Matt Turner <matts...@gmail.com> writes: > On Mon, Oct 14, 2013 at 4:14 PM, Eric Anholt <e...@anholt.net> wrote: >> Previously, the best thing we had was to schedule the things unblocked by >> the current instruction, on the hope that it would be consuming two values >> at the end of their live intervals while only producing one new value. >> Sometimes that wasn't the case. >> >> Now, when an instruction is the first user of a GRF we schedule (i.e. it >> will probably be the virtual_grf_def[] instruction after computing live >> intervals again), penalize it by how many regs it would take up. When an >> instruction is the last user of a GRF we have to schedule (when it will >> probably be the virtual_grf_end[] instruction), give it a boost by how >> many regs it would free. >> >> The new functions are made virtual (only 1 of 2 really needs to be >> virtual) because I expect we'll soon lift the pre-regalloc scheduling >> heuristic over to the vec4 backend. >> >> shader-db: >> total instructions in shared programs: 1512756 -> 1511604 (-0.08%) >> instructions in affected programs: 10292 -> 9140 (-11.19%) >> GAINED: 121 >> LOST: 38 >> >> Improves tropics performance at my current settings by 4.50602% +/- >> 2.60694% (n=5).
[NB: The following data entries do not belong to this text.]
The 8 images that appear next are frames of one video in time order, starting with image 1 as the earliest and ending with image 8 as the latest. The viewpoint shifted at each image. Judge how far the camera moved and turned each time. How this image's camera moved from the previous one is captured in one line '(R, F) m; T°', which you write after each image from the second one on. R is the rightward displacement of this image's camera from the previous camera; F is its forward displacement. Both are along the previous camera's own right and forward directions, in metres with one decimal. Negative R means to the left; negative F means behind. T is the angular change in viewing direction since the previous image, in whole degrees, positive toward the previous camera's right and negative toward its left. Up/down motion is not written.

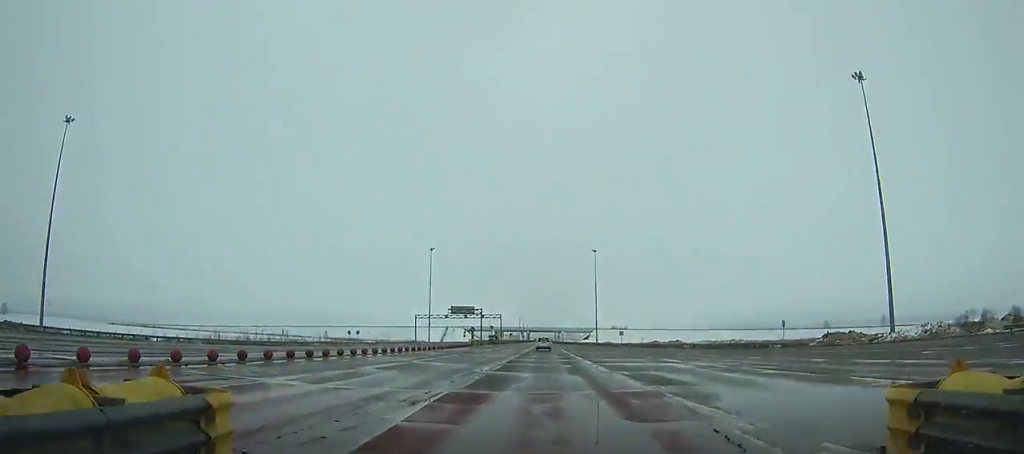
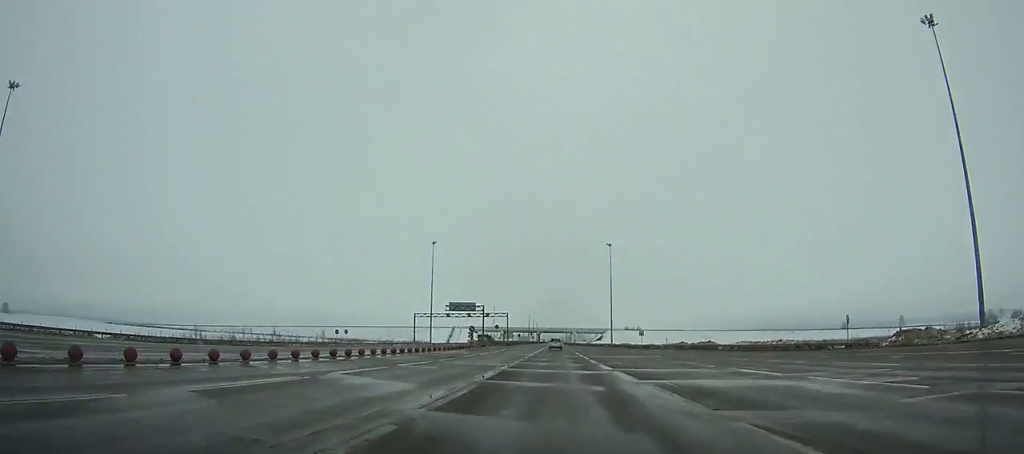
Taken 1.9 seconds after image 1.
(+0.4, +13.2) m; 0°
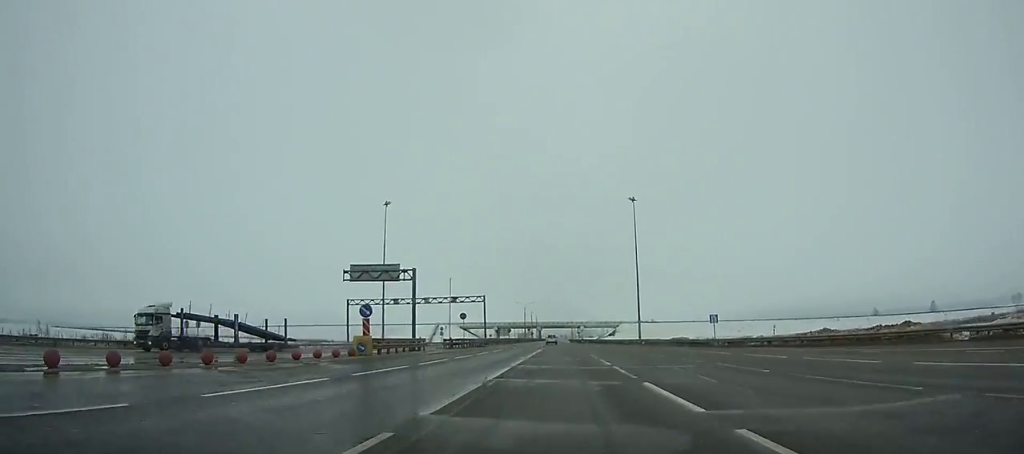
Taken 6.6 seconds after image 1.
(-1.8, +48.5) m; -3°
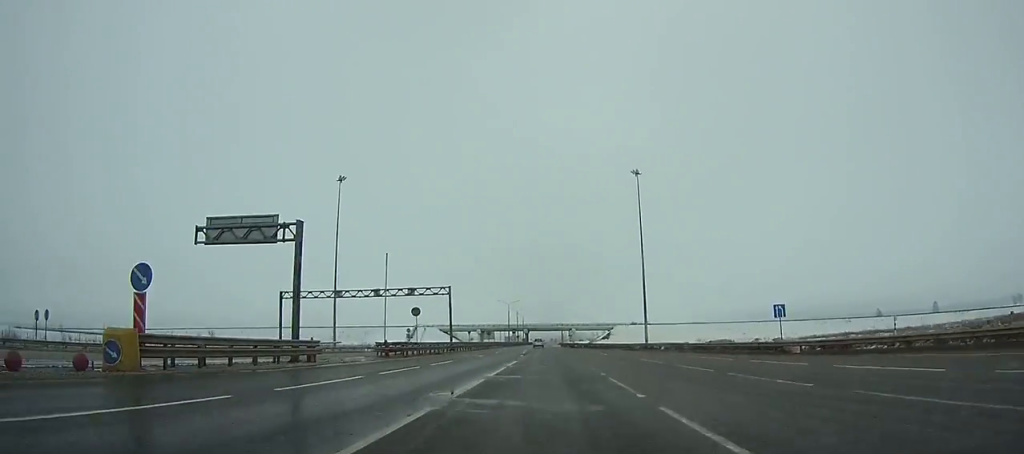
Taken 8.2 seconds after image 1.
(-0.1, +20.5) m; -1°
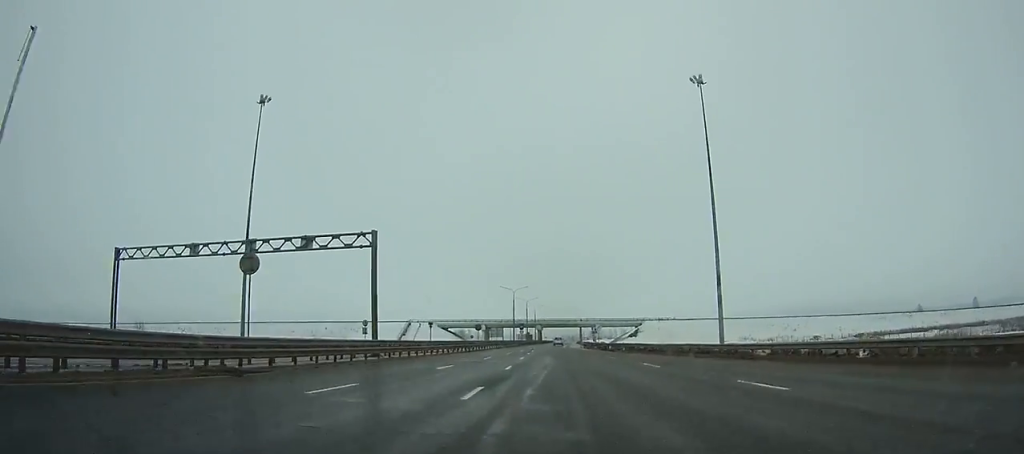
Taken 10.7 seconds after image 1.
(-0.2, +35.5) m; -1°
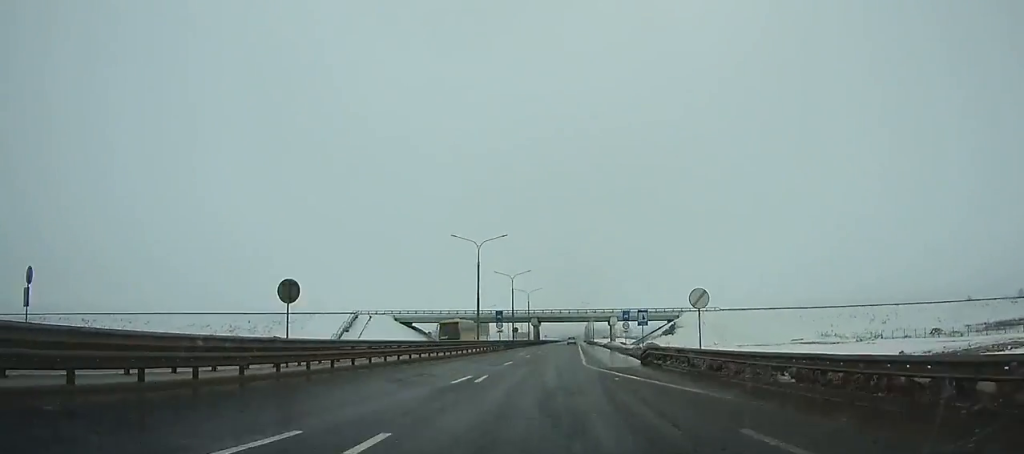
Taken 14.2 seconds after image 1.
(+0.1, +57.2) m; +1°
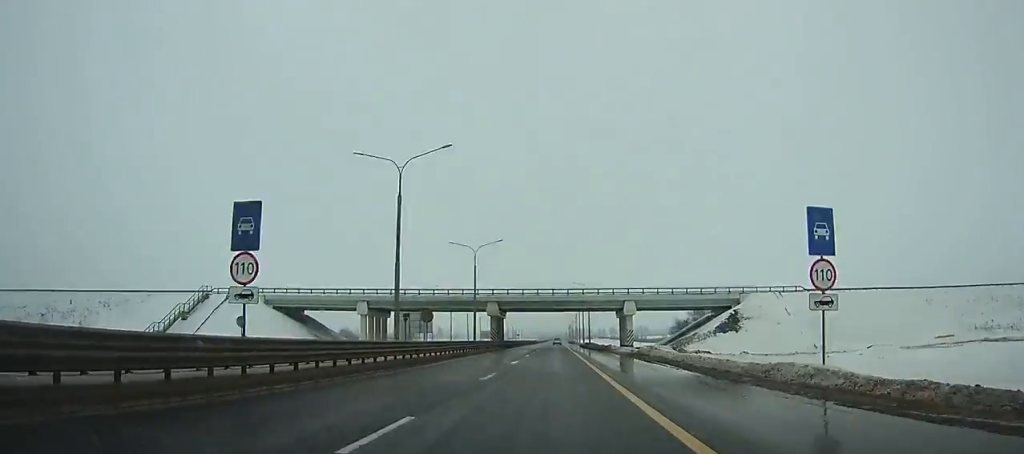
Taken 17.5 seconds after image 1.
(+0.9, +59.7) m; +1°
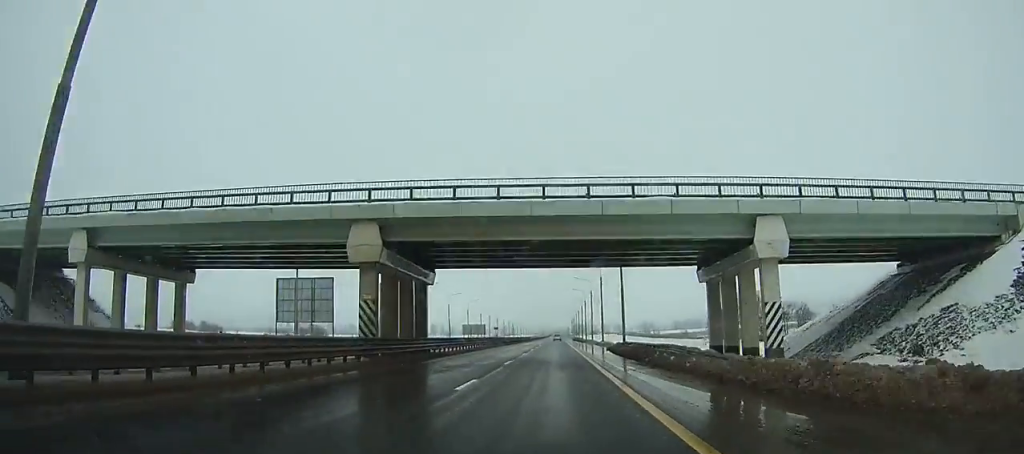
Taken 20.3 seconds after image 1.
(+0.1, +54.3) m; 0°

No difference on Lightsmark (n=5). No difference on >> GLB2.7 (n=11). >> >> Bugzilla: https://bugs.freedesktop.org/show_bug.cgi?id=70445 >> --- > > I think we're on the right track by considering register pressure when > scheduling, but one aspect we're not considering is simply how many > registers we think we're using. > > If I understand correctly, the pre-register allocation wants to > shorten live intervals as much as possible which reduces register > pressure but at the cost of larger stalls and less instruction level > parallelism. We end up scheduling things like > > produce result 4 > produce result 3 > produce result 2 > produce result 1 > use result 1 > use result 2 > use result 3 > use result 4 > > (this is why the MRF writes for the FB write are always done in the > reverse order) > > Take the main shader from FillTestC24Z16 in GLB2.5 or 2.7 as an > example. Before texture-grf we serialized the eight texture sends. > After that branch landed, we scheduled the code much better, leading > to a performance improvement. > > This patch causes us again to serialize the 8 texture ops in > GLB25_FillTestC24Z16, like we did before texture-from-grf. It reduces > performance from 7.0 billion texels/sec to ~6.5 on IVB.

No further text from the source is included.